Modeling Random Genomesclick to expand

We already know that the genome is not just a random strand of nucleotides; recall from “Finding a Motif in DNA” that motifs recur commonly across individuals and species. If a DNA motif occurs in many different organisms, then chances are good that it serves an important function.

At the same time, if you form a long enough DNA string, then you should theoretically be able to locate every possible short substring in the string. And genomes are very long; the human genome contains about 3.2 billion base pairs. As a result, when analyzing an unknown piece of DNA, we should try to ensure that a motif does not occur out of random chance.
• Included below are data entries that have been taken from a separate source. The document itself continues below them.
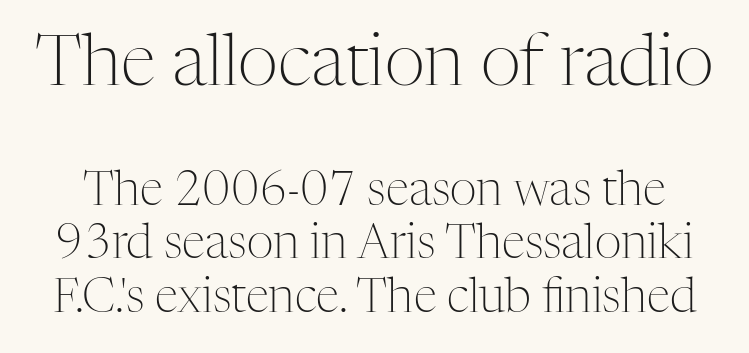
The image shows 71 px light serif type, upright; set tight line spacing (1.14x), normal letter spacing, not underlined; the first (top) block is 1.51x larger; medium stroke contrast and a medium x-height.
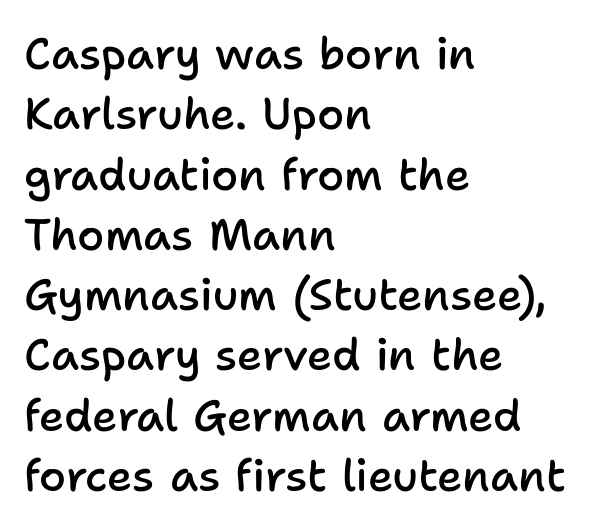
The image shows 44 px semibold sans-serif type, upright; set left-aligned, normal line spacing (1.37x), normal letter spacing, not underlined; low stroke contrast and a medium x-height.
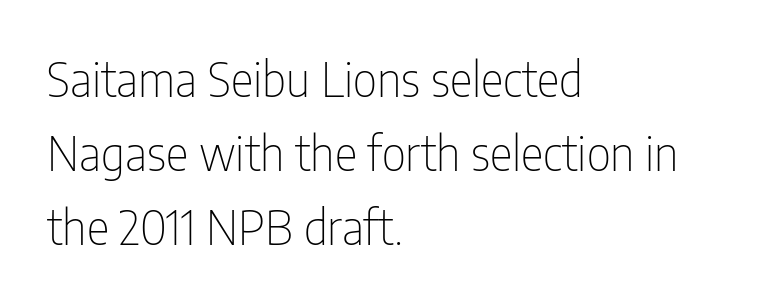
The image shows 48 px thin, condensed sans-serif type, upright; set left-aligned, normal line spacing (1.54x), normal letter spacing, not underlined; low stroke contrast and a medium x-height.
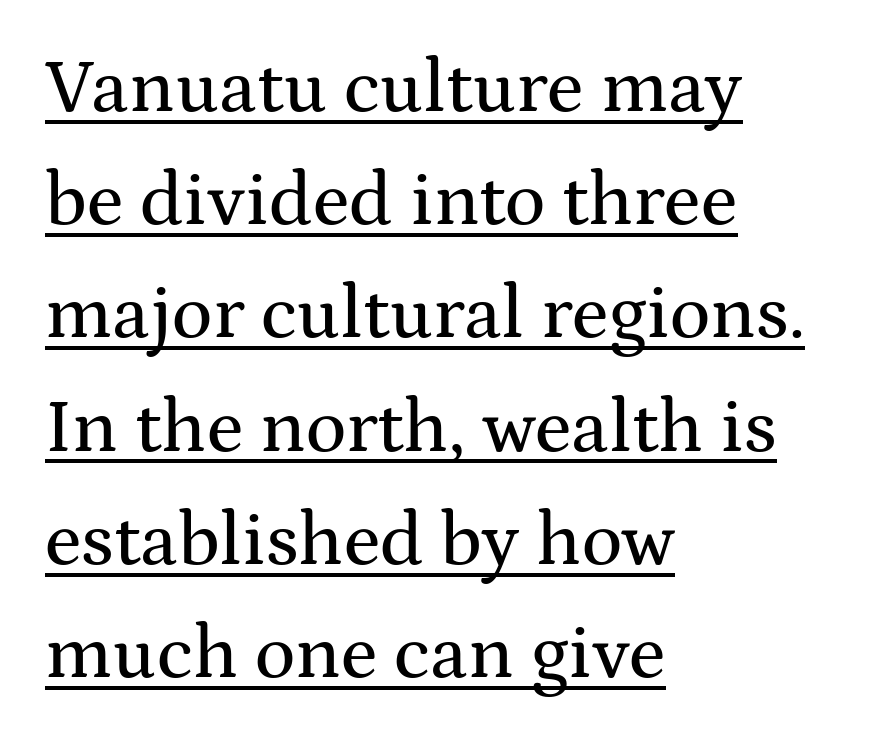
Q: Is the text italic (slanted)? A: No, it is upright.
Q: Is the typeface a serif or a sans-serif typeface? A: Serif.
Q: Is the text underlined? A: Yes.
Q: How is the paragraph aligned? A: Left-aligned.
Q: Is the spacing between letters normal or unusually wide? A: Normal.
Q: Is the spacing between lines tight, normal or loose? A: Normal.
Q: Width (condensed, normal, or wide)? A: Wide.
Q: Stroke contrast? A: Medium.
Q: x-height? A: Medium.
Q: Monospaced? A: No.
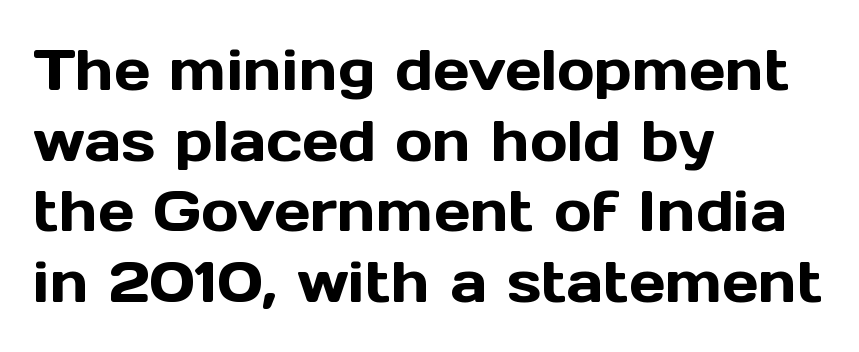
The image shows 57 px sans-serif type, upright; set left-aligned, line spacing 1.24x, normal letter spacing, not underlined; a medium x-height.
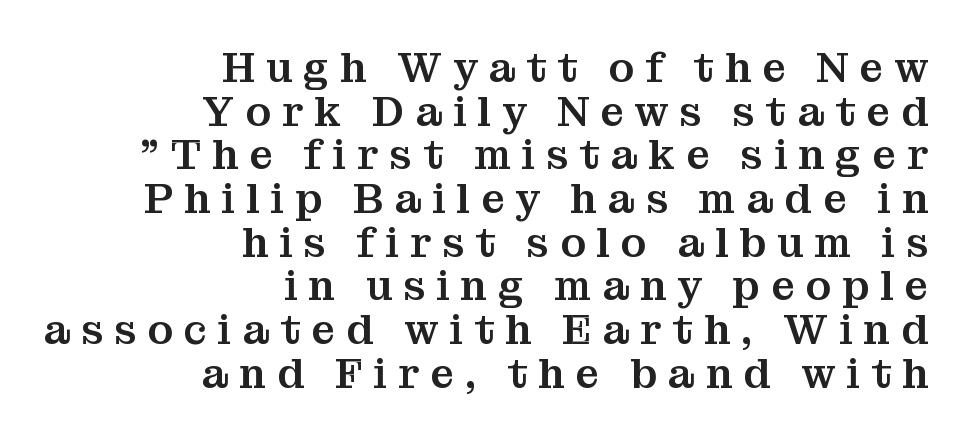
Leftover space on each line is placed entirely before the opening word. In terms of letterspacing, this is a distinctly airy, spread setting. One glance says dense: line gaps are narrower than usual. The specimen omits any rule beneath the text block's lines.
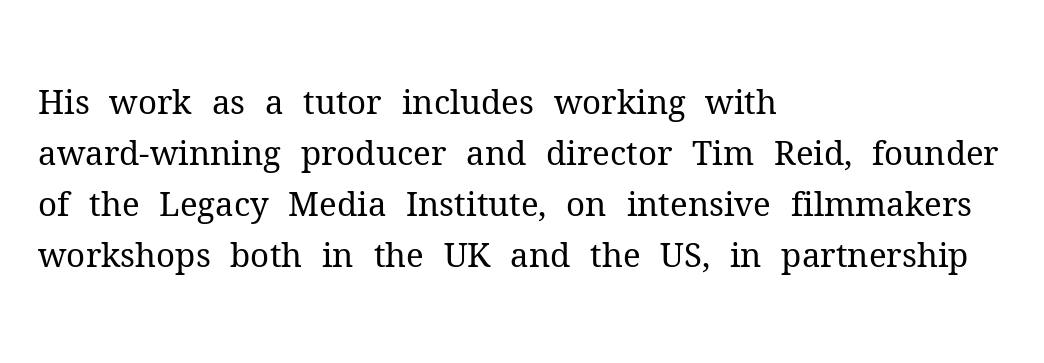
Q: Is the text bold? A: No.
Q: Is the text italic (slanted)? A: No, it is upright.
Q: Is the typeface a serif or a sans-serif typeface? A: Serif.
Q: Is the text underlined? A: No.
Q: How is the paragraph aligned? A: Left-aligned.
Q: Is the spacing between letters normal or unusually wide? A: Normal.
Q: Is the spacing between lines tight, normal or loose? A: Normal.
Q: Width (condensed, normal, or wide)? A: Normal.
Q: Stroke contrast? A: Medium.
Q: x-height? A: Medium.
Q: Monospaced? A: No.
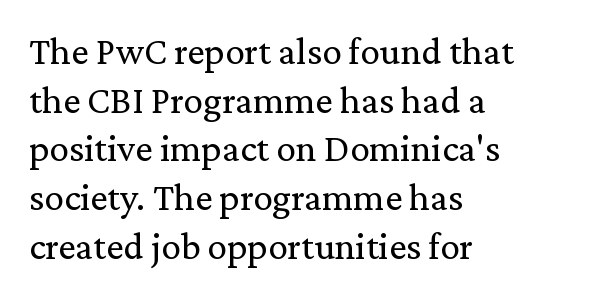
Q: Is the text bold? A: No.
Q: Is the text italic (slanted)? A: No, it is upright.
Q: Is the typeface a serif or a sans-serif typeface? A: Serif.
Q: Is the text underlined? A: No.
Q: How is the paragraph aligned? A: Left-aligned.
Q: Is the spacing between letters normal or unusually wide? A: Normal.
Q: Is the spacing between lines tight, normal or loose? A: Normal.
Q: Width (condensed, normal, or wide)? A: Normal.
Q: Stroke contrast? A: Low.
Q: x-height? A: Medium.
Q: Monospaced? A: No.
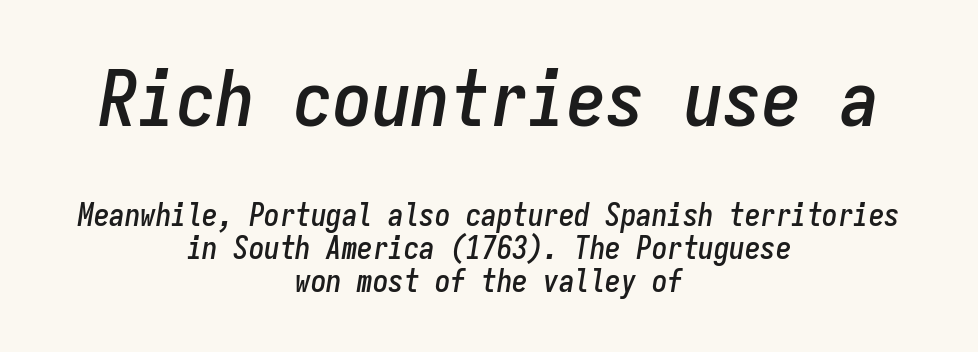
You could count columns in this text — the font is strictly monospaced. What's the leading like? Squeezed, with rows nearly overlapping. Underlining? Definitely not there. Notice how the stems are inclined rather than vertical — that's the hallmark of italics. In this sample the first text group is rendered at the bigger scale. This sample uses plain, unmodified letter spacing.
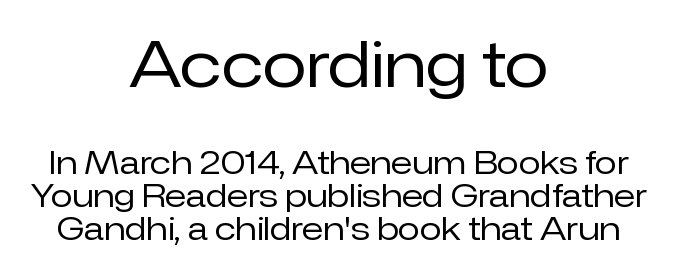
Q: Is the text bold? A: No.
Q: Is the text italic (slanted)? A: No, it is upright.
Q: Is the typeface a serif or a sans-serif typeface? A: Sans-serif.
Q: Is the text underlined? A: No.
Q: How is the paragraph aligned? A: Centered.
Q: Is the spacing between letters normal or unusually wide? A: Normal.
Q: Is the spacing between lines tight, normal or loose? A: Tight.
Q: Which block of text is set in a larger size, the first (top) or the second (bottom)? A: The first (top) one.
Q: Width (condensed, normal, or wide)? A: Normal.
Q: Stroke contrast? A: Low.
Q: x-height? A: Medium.
Q: Monospaced? A: No.
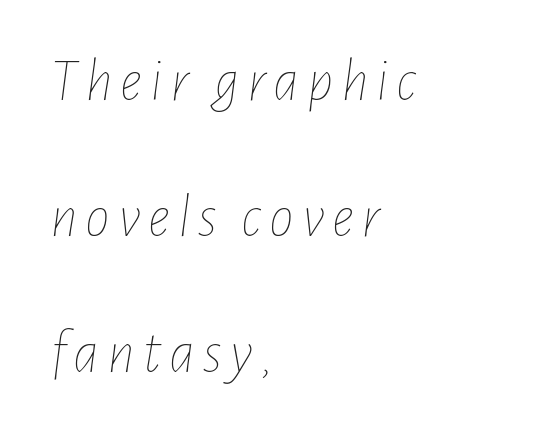
Q: Is the text bold? A: No.
Q: Is the text italic (slanted)? A: Yes, it leans right by about 7 degrees.
Q: Is the text underlined? A: No.
Q: How is the paragraph aligned? A: Left-aligned.
Q: Is the spacing between lines tight, normal or loose? A: Loose.
Q: Width (condensed, normal, or wide)? A: Condensed.
Q: Stroke contrast? A: Low.
Q: x-height? A: Medium.
Q: Monospaced? A: No.
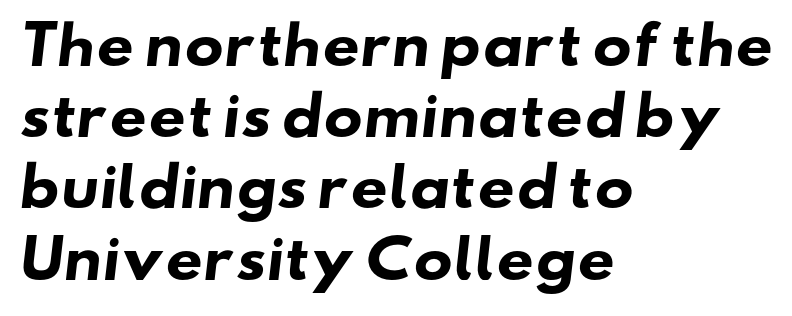
The lines sit at an ordinary, default distance from one another. This sample uses plain, unmodified letter spacing. Typographic density is high because the face is bold. One-word summary of the alignment: left. Type style note: lacks serifs.
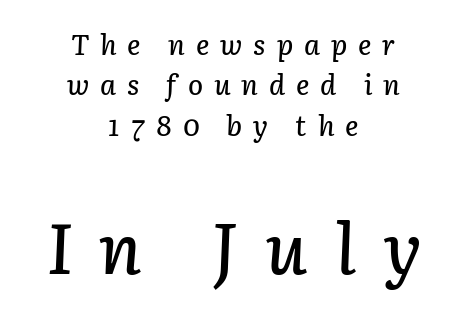
The image shows 71 px text type, italic (leaning right); set centered, normal line spacing (1.44x), unusually wide letter spacing (+0.39 em), not underlined; the second (bottom) block is 2.54x larger; low stroke contrast and a medium x-height.
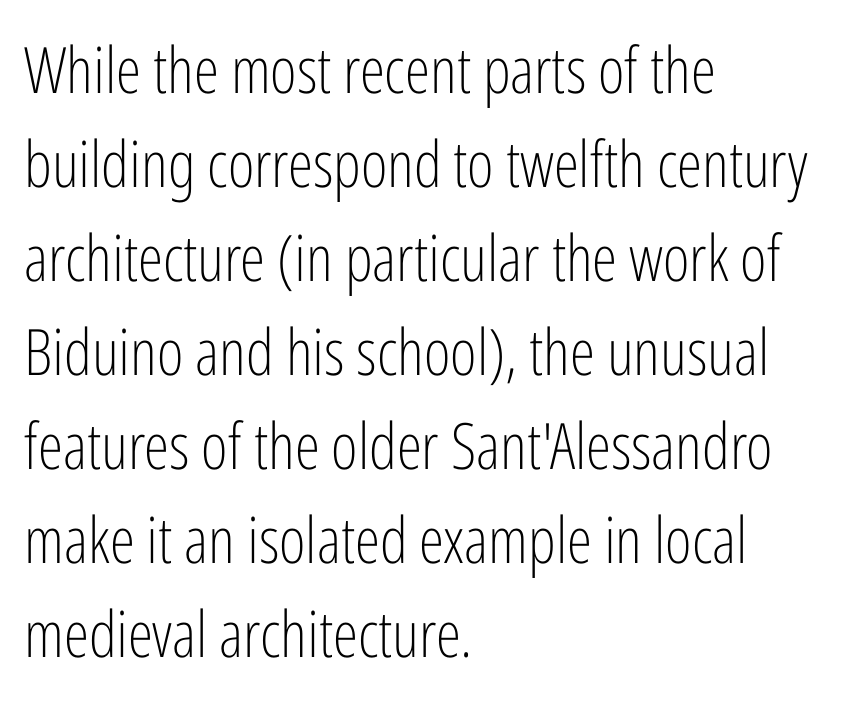
{"serif": "no", "italic": "no", "bold": "no", "weight": "light", "width": "condensed", "stroke_contrast": "low", "x_height": "medium", "monospaced": "no", "underline": "no", "align": "left", "line_spacing": "normal", "line_spacing_ratio": 1.47, "letter_spacing": "normal", "letter_spacing_em": 0.0, "glyph_px": 64}
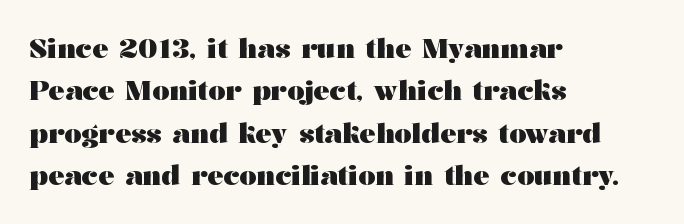
{"italic": "no", "bold": "yes", "underline": "no", "align": "left", "line_spacing": "normal", "line_spacing_ratio": 1.57, "letter_spacing": "normal", "letter_spacing_em": 0.0, "glyph_px": 27}
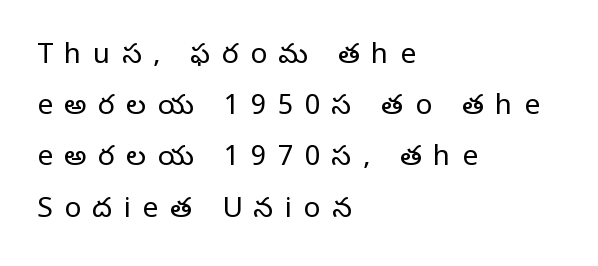
{"serif": "yes", "italic": "no", "bold": "no", "weight": "regular", "width": "normal", "stroke_contrast": "low", "x_height": "large", "monospaced": "no", "underline": "no", "align": "left", "line_spacing_ratio": 1.83, "letter_spacing": "wide", "letter_spacing_em": 0.41, "glyph_px": 28}
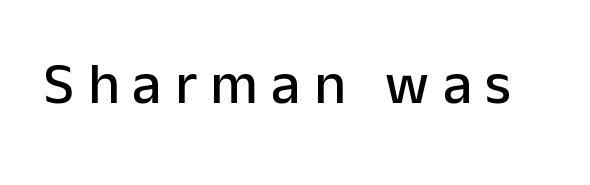
Is the letter spacing exaggerated? Yes — the characters are pushed far apart. The words here are not underlined. Tall strokes in this sample are plumb rather than angled. Serifs: no, the terminals of the letterforms are clean.
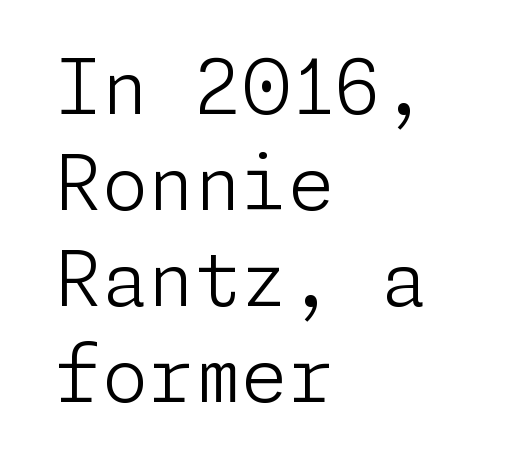
{"serif": "no", "italic": "no", "bold": "no", "weight": "light", "width": "normal", "stroke_contrast": "low", "x_height": "medium", "underline": "no", "align": "left", "line_spacing": "normal", "line_spacing_ratio": 1.28, "letter_spacing": "normal", "letter_spacing_em": 0.0, "glyph_px": 75}
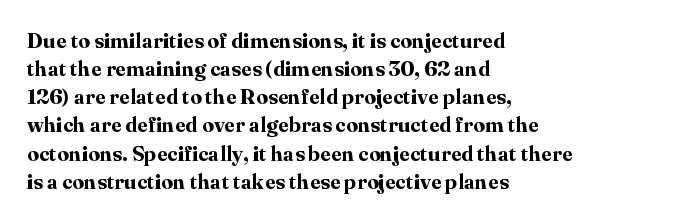
The image shows 21 px bold type, upright; set left-aligned, normal line spacing (1.34x), normal letter spacing, not underlined.
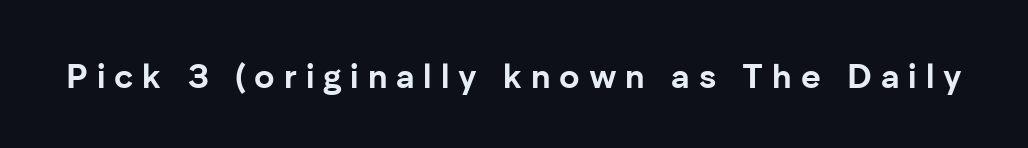
Notice how thick the strokes are: this is what a full bold looks like. Substantial extra tracking has been applied to these lines. These lines are rendered in a variable-pitch font. Does the type have serifs? No, each stem ends abruptly. A roman cut, with each character standing at attention. Decoration check: the copy has no underline.

To conclude whether motifs are random or not, we need to quantify the likelihood of finding a given motif randomly. If a motif occurs randomly with high probability, then how can we really compare two organisms to begin with? In other words, all very short DNA strings will appear randomly in a genome, and very few long strings will appear; what is the critical motif length at which we can throw out random chance and conclude that a motif appears in a genome for a reason?

In this problem, our first step toward understanding random occurrences of strings is to form a simple model for constructing genomes randomly. We will then apply this model to a somewhat simplified exercise: calculating the probability of a given motif occurring randomly at a fixed location in the genome.

Problem

Figure 1. The graph of the common logarithm function of x. For a given x-value, the corresponding y-value is the exponent to which we must raise 10 to obtain x. Note that x-values between 0 and 1 get mapped to y-values between -infinity and 0.

An array is a structure containing an ordered collection of objects (numbers, strings, other arrays, etc.). We let $A[k]$ denote the $k$-th value in array $A$. You may like to think of an array as simply a matrix having only one row.

A random string is constructed so that the probability of choosing each subsequent symbol is based on a fixed underlying symbol frequency.

GC-content offers us natural symbol frequencies for constructing random DNA strings. If the GC-content is $x$, then we set the symbol frequencies of C and G equal to $\frac{x}{2}$ and the symbol frequencies of A and T equal to $\frac{1-x}{2}$. For example, if the GC-content is 40%, then as we construct the string, the next symbol is 'G'/'C' with probability 0.2, and the next symbol is 'A'/'T' with probability 0.3.

In practice, many probabilities wind up being very small. In order to work with small probabilities, we may plug them into a function that "blows them up" for the sake of comparison. Specifically, the common logarithm of $x$ (defined for $x > 0$ and denoted $\log_{10}(x)$) is the exponent to which we must raise 10 to obtain $x$.

See Figure 1 for a graph of the common logarithm function $y = \log_{10}(x)$. In this graph, we can see that the logarithm of $x$-values between 0 and 1 always winds up mapping to $y$-values between $-\infty$ and 0: $x$-values near 0 have logarithms close to $-\infty$, and $x$-values close to 1 have logarithms close to $0$. Thus, we will select the common logarithm as our function to "blow up" small probability values for comparison.

Given: A DNA string $s$ of length at most 100 bp and an array $A$ containing at most 20 numbers between 0 and 1.

Return: An array $B$ having the same length as $A$ in which $B[k]$ represents the common logarithm of the probability that a random string constructed with the GC-content found in $A[k]$ will match $s$ exactly.

Sample Dataset

ACGATACAA
0.129 0.287 0.423 0.476 0.641 0.742 0.783

Sample Output

-5.737 -5.217 -5.263 -5.360 -5.958 -6.628 -7.009

Hintclick to expand

One property of the logarithm function is that for any positive numbers $x$ and $y$, $\log_{10}(x \cdot y) = \log_{10}(x) + \log_{10}(y)$.